— Рядом становиться! Рядом становиться с предыдущей!
Ох долго! Подальше — к хвосту — такая же толпа. Тётя Эмма успела рассказать, что живут в деревне, далеко от райцентра. Осень или весна — грязь непролазная. В прошлом году ехали из Каргата на лошадях четыре дня. Телеги вязли по самые оси. Всё безотрадно: болота да камыши, и серое небо над головой.
— Ну да теперь привыкли. Овец пасла. Ну а вы как? Слышала, что в Кочки попали…
— Да. До весны на квартире жили, теперь в землянке. Бабушка совсем плохая. Ждём с минуты на минуту. Может уже умерла…
— И я отца оставила на эту… на Давидкину жену. Мужа и Давида той зимой ещё забрали, а у неё ребёнок — два года. Из-за ребёнка и не взяли. Я уехала, так на ней теперь дитё двухлетнее и наш отец восемьдесят пять лет. А она бестолковая — боюсь, обоих уморит. Ох, помню я маму, как она сидела за столом и грызла сусличью ножку… Эта картина со мной будет до смерти. В тот год онá умерла от голода, теперь, видно, очередь отца.

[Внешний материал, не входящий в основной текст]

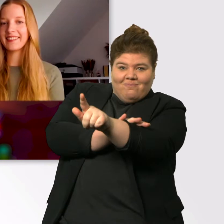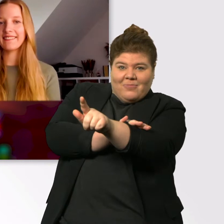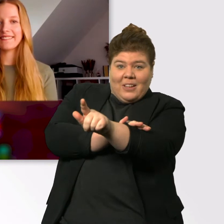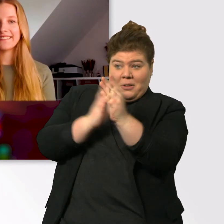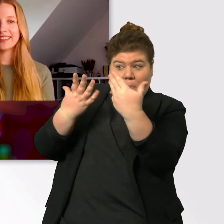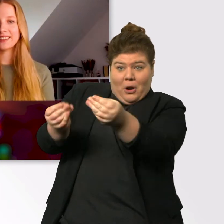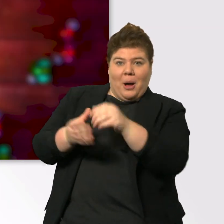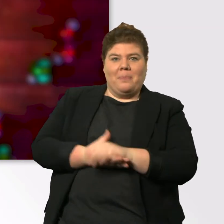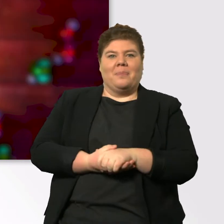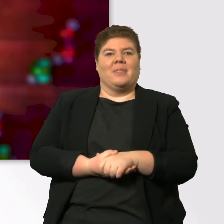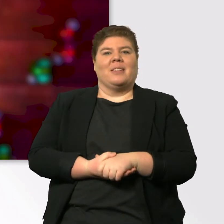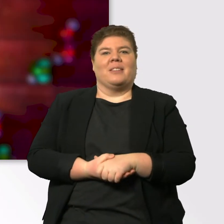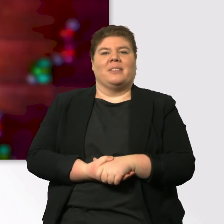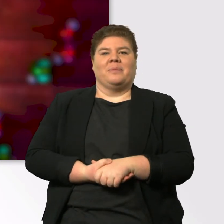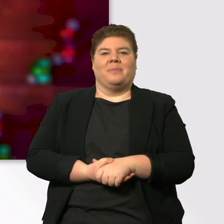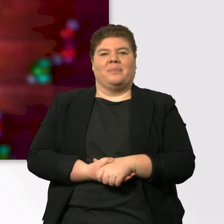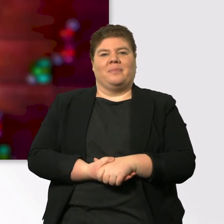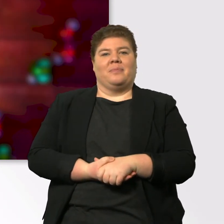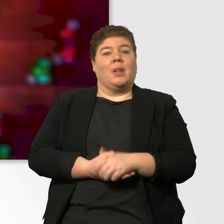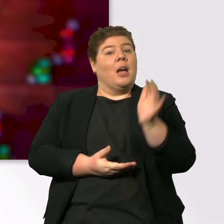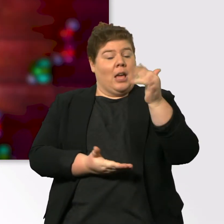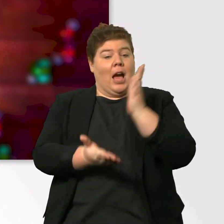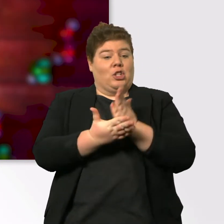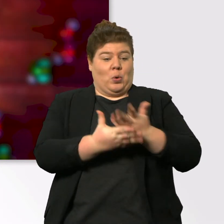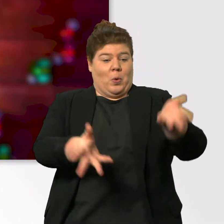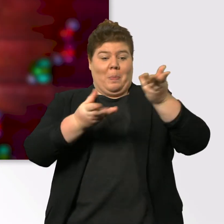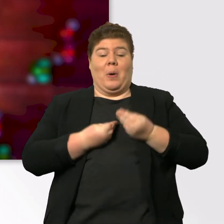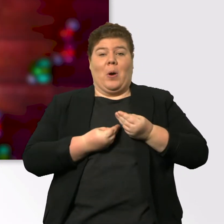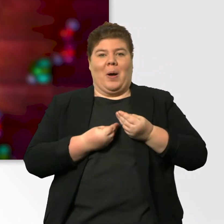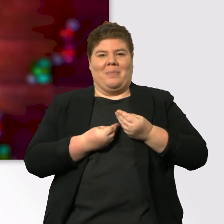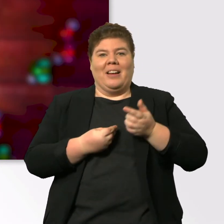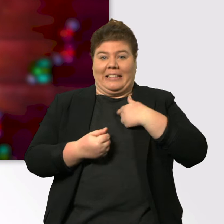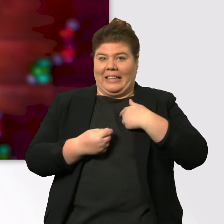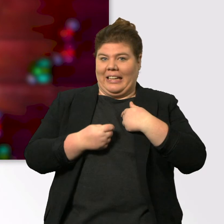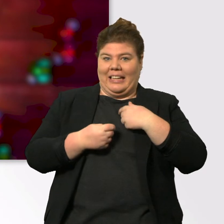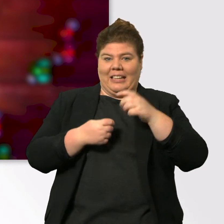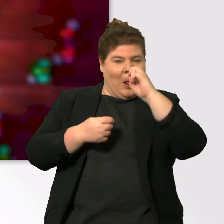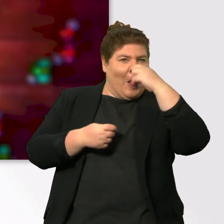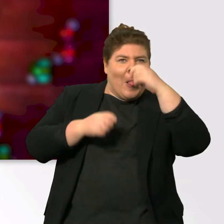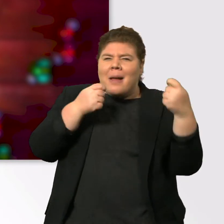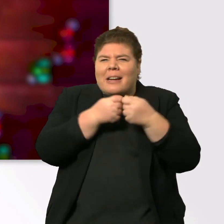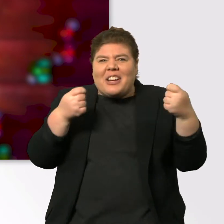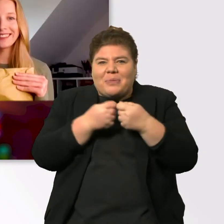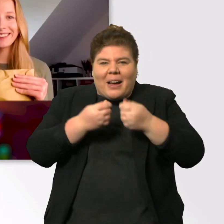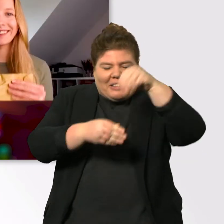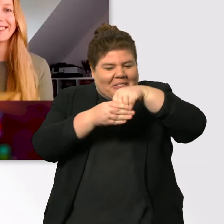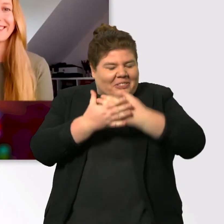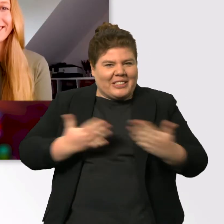bei dir angekommen? Ja, ich habe das schon hier und bin schon ziemlich, ziemlich gespannt, was da drin ist. Hast du eine Idee?
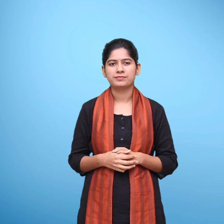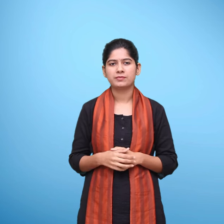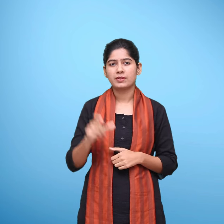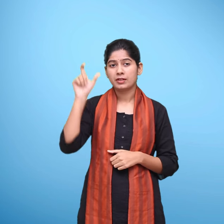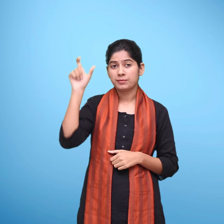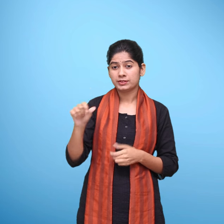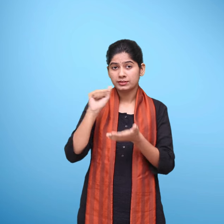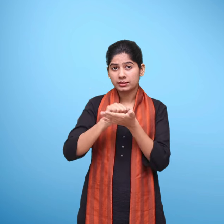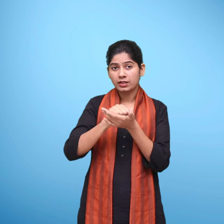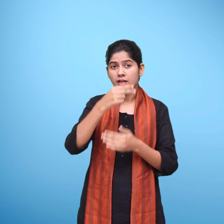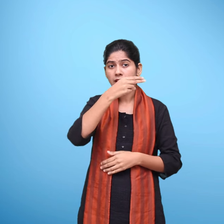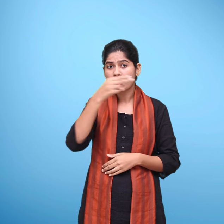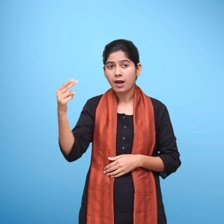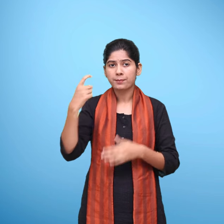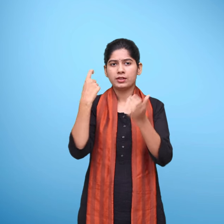जैपुर मीला

— Мама тоже это вспоминает. Она же тогда у вас была… Видела. Тоже мучается, что ничем не могла помочь.
— На ней родители твоего отца были. Что она могла?! Так уж, наверно, Бог хотел.
Но наконец, первый военный передал бумаги, по которым читал, второму — тому, кто следил. Тот расписался, подложив планшет. Ага! Первый сдал, второй принял. Их сдали и их приняли.
— По вагонам!
Отъехали в сторону ворота. Полезли в вагоны. Напротив входа — печка-буржуйка. С обеих сторон от неё двухэтажные нары. Занимай места! Где лучше? Рядом с печкой? Зато дверь рядом, а плотно ли заделана? Нет, лучше посередине. Это не Мария решила, а тётя Эмма. Она сохранила умение рассуждать даже сейчас. Она займёт место снизу, а Мария с Эмилией над нею. Все из Паульского будут вместе. Что-то застучало снаружи, заскреблось по вагонной стене: хлоп: упала крышка, закрывавшая окно, хлоп: упала вторая. Будут ехать с комфортом. Даже зимними пейзажами можно любоваться. Если конечно, будет охота…
Вот и двери закрыли.
— И-и-и! — завизжал гудок, и понёсся по соседнему пути поезд, загрохотал сотнею колёс. Мелькают в двух окнах вагоны. Невольно тянутся вверх, чтобы посмотреть. А когда пронёсся, оказалось, что сами уже едут. Куда едут? Пока на запад.
Рассаживаются по занятым местам. Знакомятся:
— Кто из Паульского? — спрашивает тётя Эмма.
Никто не отзывается.
— Из Фишера есть кто-нибудь? — громко спрашивает женщина лет двадцати пяти — двадцати шести.
— Я из Фишер, — отвечает высокая рябая женщина, откинув с головы на плечи шаль.
— А почему я вас не знаю?
— Как твоя фамилия?
— Ирма Шульдайс.
— А, ну я твоих родителей знаю. А ты меня и знать не можешь. Когда я уехала из Фишер, ты была маленькая девочка. Меня зовут Фрида Кёниг.
— Слышала. Родители что-то о вас говорили. А мы вот с сестрой едем, с Эллочкой. Ей ещё восемнадцати нет. Мама сказала: смотри за ней как следует, чтобы не простудилась, не голодала, не надорвалась.
— Не надорваться у нас вряд ли получится, — засмеялась Фрида.
— А из Марксштадта есть?
— Есть…
— Из Филиппсфельда?...
— Из Нидермунжу?....
— А из Москвы есть? — это высокая, статная блондинка в красивом пальто, словно бичом щёлкнула среди птичьего гомона.
Все мгновенно стихли. Не понимают, серьёзно спрашивает или шутит.
— А вы из Москвы? — смотрят, как на чудо.
— Из Москвы.
— Из самой Москвы? А как вас зовут? — восхищается Эмилия.
— Ольга Цицер меня зовут.
— А меня Эмилия. Миля.
— Вот и познакомились, — говорит Фрида. — Давайте-ка печку затопим, да чай вскипятим.
Жарко горят дрова в печке. Стучат колёса. Приспособили на печку ведро с водой. Ждут, когда вскипит. А уже и есть хочется. Не пора обедать? — Раз хочется, то пора.
— Ну-ка, доставай свои кружки! — командует Фрида. — Получай кипяток!
Попили кипятка. Каждому досталось по кружке, но сразу тепло пошло по намёрзшемуся телу. Мария достала кусок хлеба с холодной, вареной в мундире картошиной.